I am quite aware that this principle is not openly admitted in assigning to woman her share of the world’s work—that, on the contrary, the results of its application are explained away on the theory that there is a “natural” division of labour between the two sexes. But when one comes to examine that theory, dispassionately and without prejudice, one finds that it does not hold water—or very little—since the estimate of woman’s “natural” work is such an exceedingly variable quantity.
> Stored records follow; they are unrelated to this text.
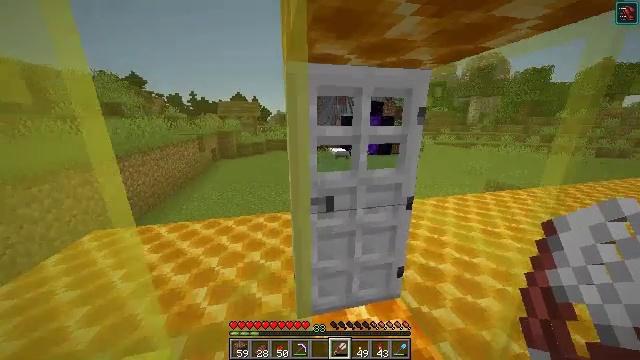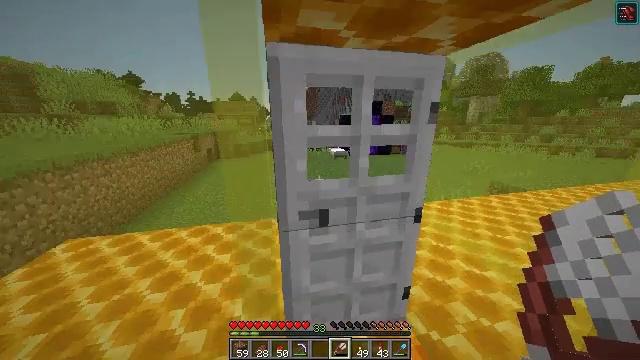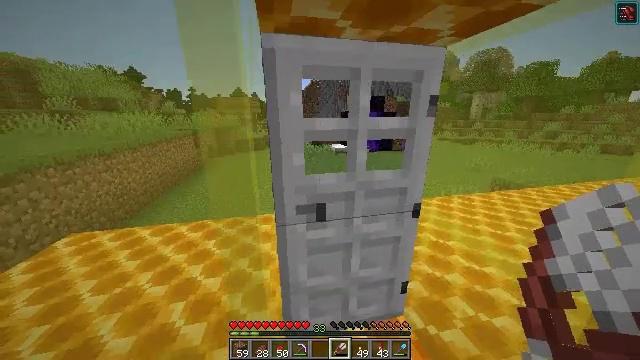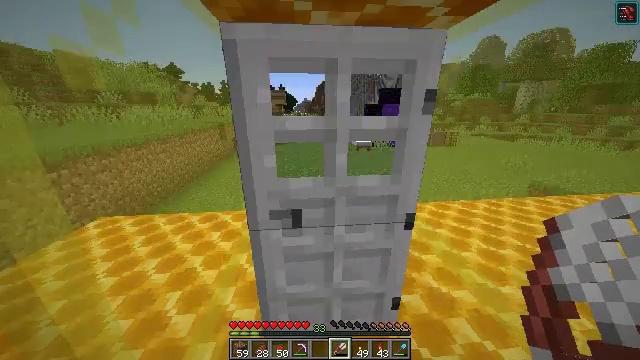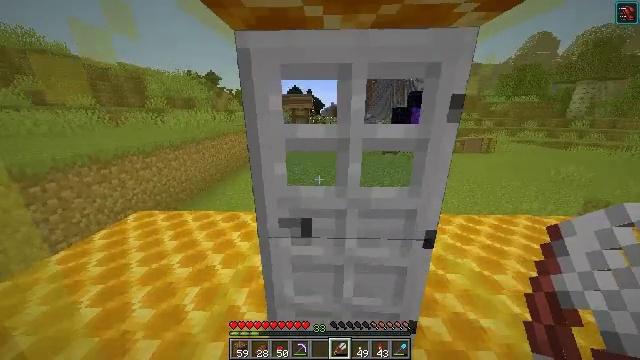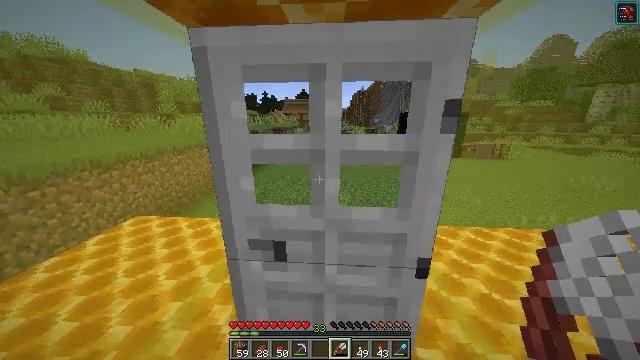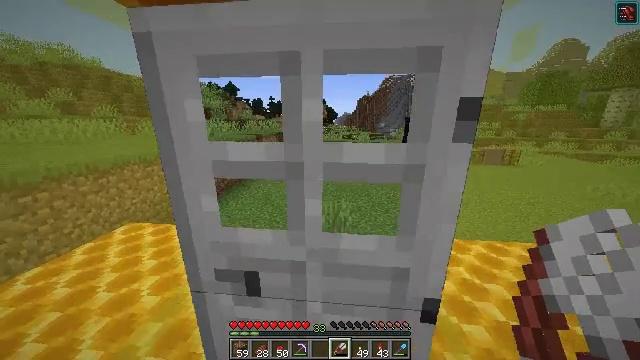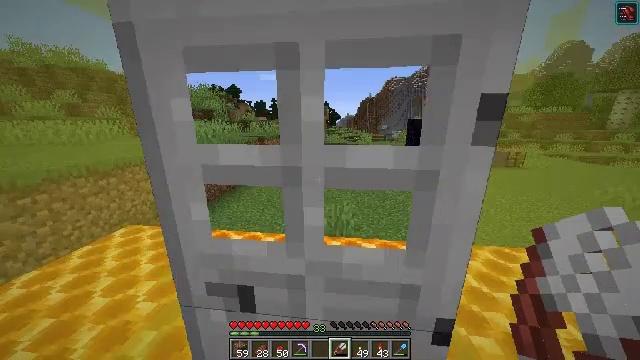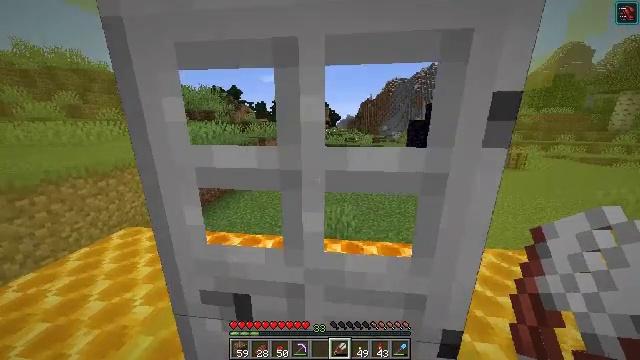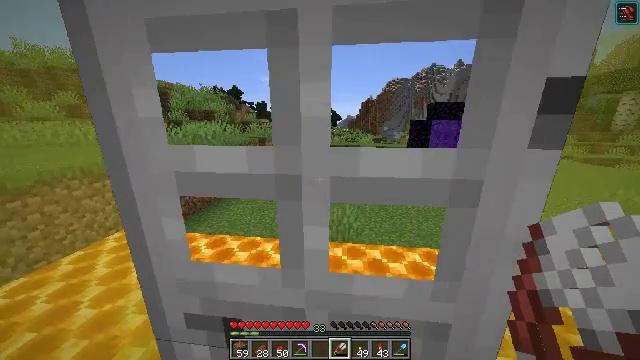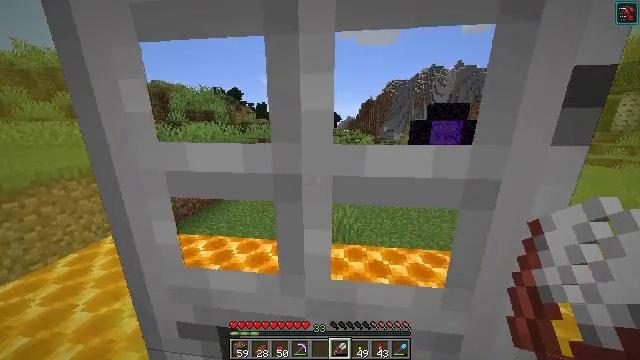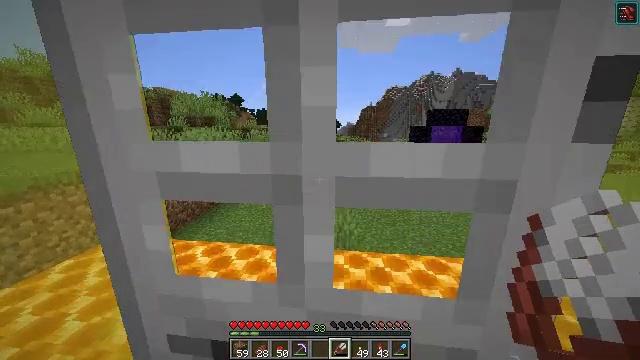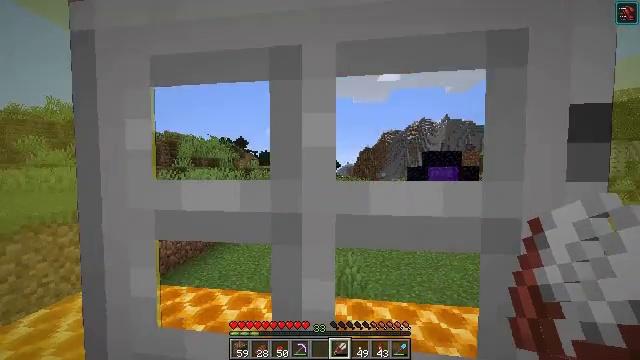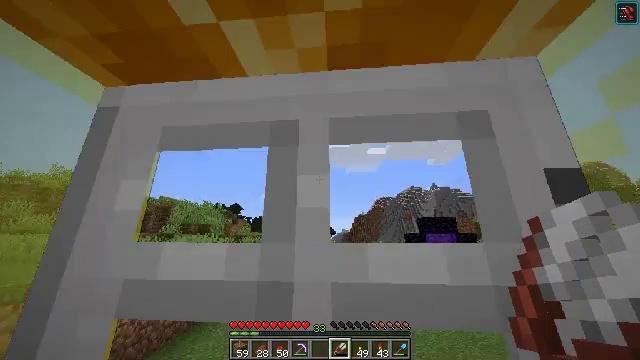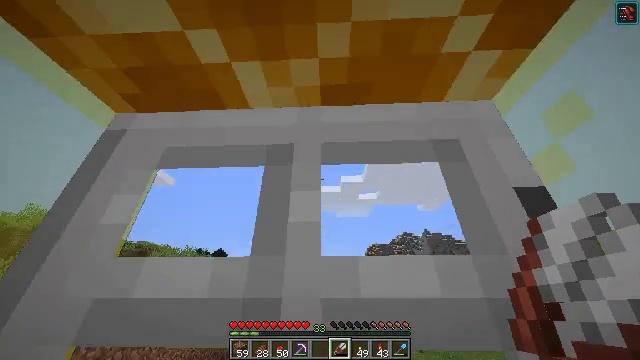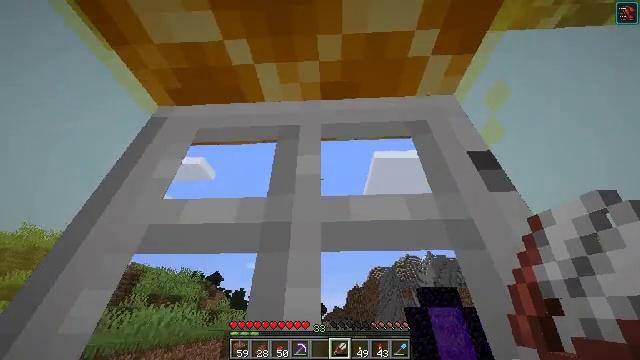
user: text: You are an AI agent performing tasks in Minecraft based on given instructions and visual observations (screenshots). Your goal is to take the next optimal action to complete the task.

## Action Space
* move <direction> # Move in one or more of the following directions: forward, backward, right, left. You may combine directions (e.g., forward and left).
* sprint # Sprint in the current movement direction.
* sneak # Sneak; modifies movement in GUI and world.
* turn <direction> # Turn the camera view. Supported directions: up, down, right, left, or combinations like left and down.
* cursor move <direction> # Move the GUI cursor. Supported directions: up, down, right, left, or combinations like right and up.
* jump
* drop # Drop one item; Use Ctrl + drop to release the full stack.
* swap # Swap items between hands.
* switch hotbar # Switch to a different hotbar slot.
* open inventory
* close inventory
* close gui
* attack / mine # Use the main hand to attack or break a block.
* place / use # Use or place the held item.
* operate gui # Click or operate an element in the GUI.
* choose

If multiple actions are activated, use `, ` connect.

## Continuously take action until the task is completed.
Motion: motion action
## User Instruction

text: Craft a honeycomb block.
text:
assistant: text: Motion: move forward
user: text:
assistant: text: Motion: move forward and move right, turn down
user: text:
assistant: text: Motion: move forward and move right, turn left and down
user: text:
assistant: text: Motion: move forward and move right, turn left and up
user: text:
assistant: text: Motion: turn left and up
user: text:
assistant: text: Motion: turn left and up
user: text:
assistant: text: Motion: no_op
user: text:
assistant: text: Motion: no_op
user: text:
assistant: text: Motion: no_op
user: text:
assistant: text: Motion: no_op
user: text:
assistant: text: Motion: turn up
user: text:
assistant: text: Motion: turn up
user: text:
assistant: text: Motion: sneak, turn right and up
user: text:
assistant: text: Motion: sneak, turn right and up
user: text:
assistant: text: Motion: move back, sneak, turn up
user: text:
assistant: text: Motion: move back, sneak, turn up
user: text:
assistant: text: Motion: move back, sneak, turn up
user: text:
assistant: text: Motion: move back, sneak, turn up
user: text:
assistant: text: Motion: move back, sneak, turn up
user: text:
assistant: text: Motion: move back, sneak, turn up
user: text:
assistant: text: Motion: sneak, turn up
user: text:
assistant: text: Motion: sneak, turn left
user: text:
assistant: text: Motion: sneak, turn left and up
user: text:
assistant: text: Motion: sneak, turn left
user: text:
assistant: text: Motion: sneak, turn right
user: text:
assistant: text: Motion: sneak, turn up
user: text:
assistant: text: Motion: sneak, turn up
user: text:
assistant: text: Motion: sneak, turn up
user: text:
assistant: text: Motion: sneak
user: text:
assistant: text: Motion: sneak
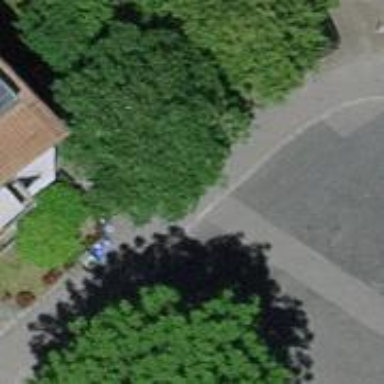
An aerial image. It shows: Footway surfaced with paving stones.
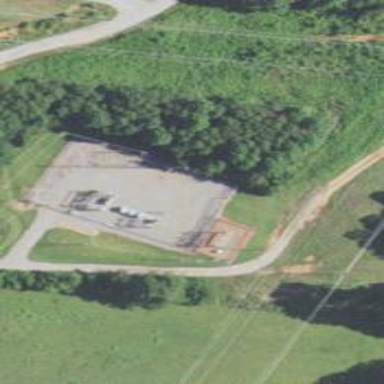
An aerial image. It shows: Distribution level power substation enclosed by fence.
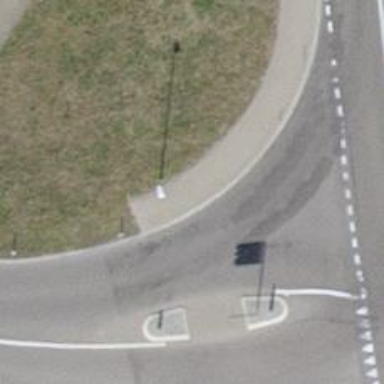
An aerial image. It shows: Kerb serving as barrier.
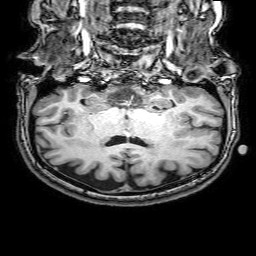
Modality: T1w
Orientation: sagittal
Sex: female
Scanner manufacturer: philips
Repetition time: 0.008106 s
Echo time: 0.00371 s
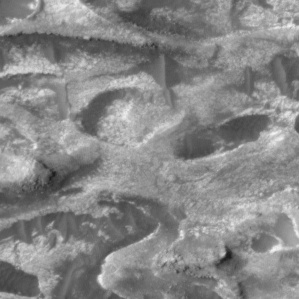
Label: non_frost
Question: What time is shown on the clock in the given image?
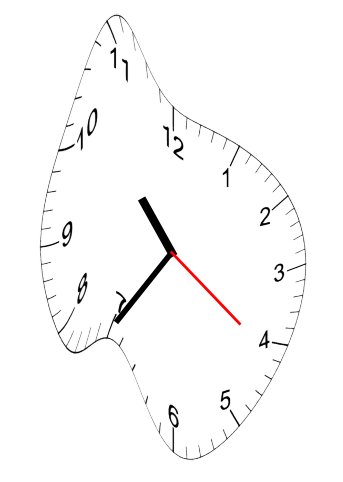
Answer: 10:35:21

One nation, people, or class, will esteem it “natural” in woman to perform certain duties which, in another nation, people, or class, are entirely left to men—so much so, that woman’s sphere, like morality, seems to be defined by considerations “purely geographical.” Unless we grasp the underlying principle that woman’s “natural” labour in any given community is the form of labour which the men of that community do not care to undertake, her share in the world’s work must appear to be regulated by sheer and arbitrary chance.